Chris's Rants

Friday, April 23, 2004

Where's the Feed?

As usual, Mark is taking cuts at Web services. This time, he dredges up a two year old email to make a point, but then fails to do so. Sorry, Mark... nice try.

He claims:
anytime you need an RSS feed to track new specs, something is, prima facie, horribly, horribly, wrong.
Really? I would have thought that an RSS Feed for a project, no matter how large or small would be a good thing(tm).

Gee, what's this in my News Aggregator? Huh, I have an RSS feed from the W3C that syndicates status changes for W3C specs and other key events. Ohmigod! Does that mean that there's something horribly, horribly wrong at the W3C?

And gee... the list of specs here seems to be much longer than the list here that he claims is hysterical. Or, for that matter, the list here.

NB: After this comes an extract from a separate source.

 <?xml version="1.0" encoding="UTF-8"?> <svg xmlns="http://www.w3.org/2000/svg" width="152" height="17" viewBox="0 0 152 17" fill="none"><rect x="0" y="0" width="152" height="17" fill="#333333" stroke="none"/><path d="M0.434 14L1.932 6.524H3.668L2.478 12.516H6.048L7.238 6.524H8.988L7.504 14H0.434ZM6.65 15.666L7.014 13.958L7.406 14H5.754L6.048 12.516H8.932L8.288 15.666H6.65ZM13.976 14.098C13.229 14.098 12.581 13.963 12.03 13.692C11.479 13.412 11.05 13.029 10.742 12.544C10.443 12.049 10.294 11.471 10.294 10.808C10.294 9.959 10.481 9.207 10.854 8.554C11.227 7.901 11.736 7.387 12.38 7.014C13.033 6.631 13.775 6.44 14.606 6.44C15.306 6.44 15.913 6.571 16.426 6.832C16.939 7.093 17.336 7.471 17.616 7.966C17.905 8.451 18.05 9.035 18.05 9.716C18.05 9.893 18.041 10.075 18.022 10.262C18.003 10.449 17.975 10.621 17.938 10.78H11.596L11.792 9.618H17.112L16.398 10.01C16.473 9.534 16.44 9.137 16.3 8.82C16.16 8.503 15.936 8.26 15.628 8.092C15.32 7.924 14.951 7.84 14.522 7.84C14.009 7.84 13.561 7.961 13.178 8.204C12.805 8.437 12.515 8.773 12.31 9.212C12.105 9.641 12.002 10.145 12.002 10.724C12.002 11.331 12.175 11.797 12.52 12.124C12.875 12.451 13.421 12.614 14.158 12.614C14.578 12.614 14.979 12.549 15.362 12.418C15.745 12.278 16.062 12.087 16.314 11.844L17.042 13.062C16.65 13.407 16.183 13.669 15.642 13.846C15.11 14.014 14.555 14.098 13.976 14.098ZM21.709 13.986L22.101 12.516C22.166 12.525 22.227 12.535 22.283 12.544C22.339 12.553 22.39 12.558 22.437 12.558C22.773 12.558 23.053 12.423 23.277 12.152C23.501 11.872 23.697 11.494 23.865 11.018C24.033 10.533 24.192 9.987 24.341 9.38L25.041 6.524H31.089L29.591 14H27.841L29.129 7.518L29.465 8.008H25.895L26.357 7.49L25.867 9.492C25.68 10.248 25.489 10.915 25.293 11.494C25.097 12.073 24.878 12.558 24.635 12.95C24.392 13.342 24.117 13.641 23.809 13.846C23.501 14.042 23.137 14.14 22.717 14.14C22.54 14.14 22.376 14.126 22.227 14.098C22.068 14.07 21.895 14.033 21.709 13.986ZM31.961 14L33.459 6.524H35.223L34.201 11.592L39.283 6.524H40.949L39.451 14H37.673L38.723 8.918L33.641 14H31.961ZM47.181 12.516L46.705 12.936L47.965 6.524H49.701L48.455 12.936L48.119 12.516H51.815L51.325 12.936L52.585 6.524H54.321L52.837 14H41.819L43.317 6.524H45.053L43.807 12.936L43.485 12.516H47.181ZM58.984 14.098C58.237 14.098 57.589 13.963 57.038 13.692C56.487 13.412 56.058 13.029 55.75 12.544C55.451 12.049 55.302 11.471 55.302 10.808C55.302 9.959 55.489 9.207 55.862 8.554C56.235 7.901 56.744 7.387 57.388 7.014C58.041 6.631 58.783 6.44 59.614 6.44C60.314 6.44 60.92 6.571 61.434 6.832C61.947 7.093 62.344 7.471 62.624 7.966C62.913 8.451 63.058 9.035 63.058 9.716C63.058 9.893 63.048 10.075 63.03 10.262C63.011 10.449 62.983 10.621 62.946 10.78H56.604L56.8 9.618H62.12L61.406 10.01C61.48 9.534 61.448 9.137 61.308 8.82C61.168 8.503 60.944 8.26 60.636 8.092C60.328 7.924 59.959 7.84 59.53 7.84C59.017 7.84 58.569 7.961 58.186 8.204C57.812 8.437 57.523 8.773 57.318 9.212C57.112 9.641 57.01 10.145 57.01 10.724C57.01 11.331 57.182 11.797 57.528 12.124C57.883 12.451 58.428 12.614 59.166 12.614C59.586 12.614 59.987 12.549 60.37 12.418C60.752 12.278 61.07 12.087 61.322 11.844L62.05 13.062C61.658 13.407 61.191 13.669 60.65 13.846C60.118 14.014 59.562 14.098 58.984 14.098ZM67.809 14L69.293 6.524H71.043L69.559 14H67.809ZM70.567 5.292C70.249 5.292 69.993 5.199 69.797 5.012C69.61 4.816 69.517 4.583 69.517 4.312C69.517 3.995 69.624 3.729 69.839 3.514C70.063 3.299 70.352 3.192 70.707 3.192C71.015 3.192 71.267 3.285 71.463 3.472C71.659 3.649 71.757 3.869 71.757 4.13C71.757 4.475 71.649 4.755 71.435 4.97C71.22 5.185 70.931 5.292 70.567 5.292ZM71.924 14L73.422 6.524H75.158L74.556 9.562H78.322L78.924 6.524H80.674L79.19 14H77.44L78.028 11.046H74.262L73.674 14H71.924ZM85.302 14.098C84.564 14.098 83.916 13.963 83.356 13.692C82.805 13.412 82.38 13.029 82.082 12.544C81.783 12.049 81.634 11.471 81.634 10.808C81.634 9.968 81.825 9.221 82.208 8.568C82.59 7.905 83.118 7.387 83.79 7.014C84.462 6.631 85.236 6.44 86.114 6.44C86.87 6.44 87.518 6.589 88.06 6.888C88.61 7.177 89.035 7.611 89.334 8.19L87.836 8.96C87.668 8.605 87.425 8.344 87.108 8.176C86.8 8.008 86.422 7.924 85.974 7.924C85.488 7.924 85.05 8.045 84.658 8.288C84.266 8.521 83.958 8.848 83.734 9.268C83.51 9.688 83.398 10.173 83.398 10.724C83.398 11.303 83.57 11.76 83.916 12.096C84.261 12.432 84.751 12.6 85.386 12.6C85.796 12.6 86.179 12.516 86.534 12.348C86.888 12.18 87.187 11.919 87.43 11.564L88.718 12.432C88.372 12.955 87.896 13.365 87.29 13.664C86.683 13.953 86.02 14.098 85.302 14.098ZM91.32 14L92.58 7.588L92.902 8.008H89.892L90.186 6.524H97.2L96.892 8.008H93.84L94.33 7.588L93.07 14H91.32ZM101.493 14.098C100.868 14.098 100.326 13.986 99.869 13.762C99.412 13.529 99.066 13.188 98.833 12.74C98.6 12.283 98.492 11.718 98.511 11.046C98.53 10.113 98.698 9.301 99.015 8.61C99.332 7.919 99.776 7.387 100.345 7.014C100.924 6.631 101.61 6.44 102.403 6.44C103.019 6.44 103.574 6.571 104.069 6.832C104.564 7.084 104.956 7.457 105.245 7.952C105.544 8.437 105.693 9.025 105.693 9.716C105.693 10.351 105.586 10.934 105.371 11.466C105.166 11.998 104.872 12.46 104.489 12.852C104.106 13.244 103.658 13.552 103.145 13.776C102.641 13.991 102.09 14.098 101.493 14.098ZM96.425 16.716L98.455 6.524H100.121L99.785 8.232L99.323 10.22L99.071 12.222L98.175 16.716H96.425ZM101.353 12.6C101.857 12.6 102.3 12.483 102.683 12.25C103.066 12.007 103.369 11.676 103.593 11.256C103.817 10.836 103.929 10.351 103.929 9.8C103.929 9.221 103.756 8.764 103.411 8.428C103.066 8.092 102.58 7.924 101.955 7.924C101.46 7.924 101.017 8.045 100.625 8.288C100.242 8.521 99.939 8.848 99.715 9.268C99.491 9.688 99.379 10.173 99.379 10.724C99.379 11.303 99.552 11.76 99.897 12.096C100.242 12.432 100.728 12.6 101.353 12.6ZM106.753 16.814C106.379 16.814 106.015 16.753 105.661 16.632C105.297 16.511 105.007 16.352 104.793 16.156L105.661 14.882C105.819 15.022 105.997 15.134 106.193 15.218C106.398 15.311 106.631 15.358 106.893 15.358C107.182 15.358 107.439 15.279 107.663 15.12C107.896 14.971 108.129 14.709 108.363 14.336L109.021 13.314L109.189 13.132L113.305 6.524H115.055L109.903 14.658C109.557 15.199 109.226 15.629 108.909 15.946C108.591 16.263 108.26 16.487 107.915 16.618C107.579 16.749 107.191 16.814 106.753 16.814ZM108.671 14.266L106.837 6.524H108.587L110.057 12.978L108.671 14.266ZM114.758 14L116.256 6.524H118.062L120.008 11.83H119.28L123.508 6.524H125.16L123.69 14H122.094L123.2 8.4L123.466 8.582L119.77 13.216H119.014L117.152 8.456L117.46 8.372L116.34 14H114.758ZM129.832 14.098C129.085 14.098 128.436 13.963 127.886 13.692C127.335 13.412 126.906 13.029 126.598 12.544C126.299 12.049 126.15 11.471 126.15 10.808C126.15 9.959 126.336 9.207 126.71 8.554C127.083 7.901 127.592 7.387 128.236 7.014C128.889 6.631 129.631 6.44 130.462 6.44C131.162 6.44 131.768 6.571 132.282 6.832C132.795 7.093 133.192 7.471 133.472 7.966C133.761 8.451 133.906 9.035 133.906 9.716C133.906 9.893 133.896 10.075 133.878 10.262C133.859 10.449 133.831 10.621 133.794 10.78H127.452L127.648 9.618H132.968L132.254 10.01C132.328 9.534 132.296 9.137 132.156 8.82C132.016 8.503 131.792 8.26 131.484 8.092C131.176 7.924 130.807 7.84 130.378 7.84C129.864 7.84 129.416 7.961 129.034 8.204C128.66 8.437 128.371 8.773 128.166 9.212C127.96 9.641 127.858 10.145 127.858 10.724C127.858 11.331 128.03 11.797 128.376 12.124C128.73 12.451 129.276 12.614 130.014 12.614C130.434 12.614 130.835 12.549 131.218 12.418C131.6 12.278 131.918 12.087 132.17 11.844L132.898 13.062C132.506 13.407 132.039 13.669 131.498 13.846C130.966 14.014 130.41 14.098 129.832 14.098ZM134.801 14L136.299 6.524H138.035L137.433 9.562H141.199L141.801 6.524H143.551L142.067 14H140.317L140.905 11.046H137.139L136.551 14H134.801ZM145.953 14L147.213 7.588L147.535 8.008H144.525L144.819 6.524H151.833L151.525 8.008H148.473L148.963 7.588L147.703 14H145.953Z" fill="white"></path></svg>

(aside: When is the IETF going to pull its collective head out of the 1980s and publish an RSS feed for its activity? For that matter, you'd think that it could at least publish an index with links to the specs!)

But let's dig a bit deeper. RFC2616 has 39 references (give or take a couple) to other IETF RFCs plus a couple more references to ISO and ANSI character set specifications. Hard to tell which are normative or not. Hmmm... And of course, it doesn't stop there. There are about a dozen or more additional specs that you really need beyond RFC2616 to do anything meaningful at all (such as those related to security and clarifications about limitations with proxy caching, etc). Oh, and what about all those pesky media type specifications for the things that are transferred about over RFC2616. If you're a browser developer, you'd probably want a heads up on any changes to those. Maybe an RSS Feed wouldn't be such a bad idea. Or would that mean that there was something horribly, horribly wrong with the Web?

Please don't misunderstand my intent, I like HTTP. Unlike Mark, neither do I think it is the last protocol we'll ever need (it is not), nor do I spend every waking moment trying to tear it down or to poke fun at things that it simply doesn't handle effectively. That would be pointless.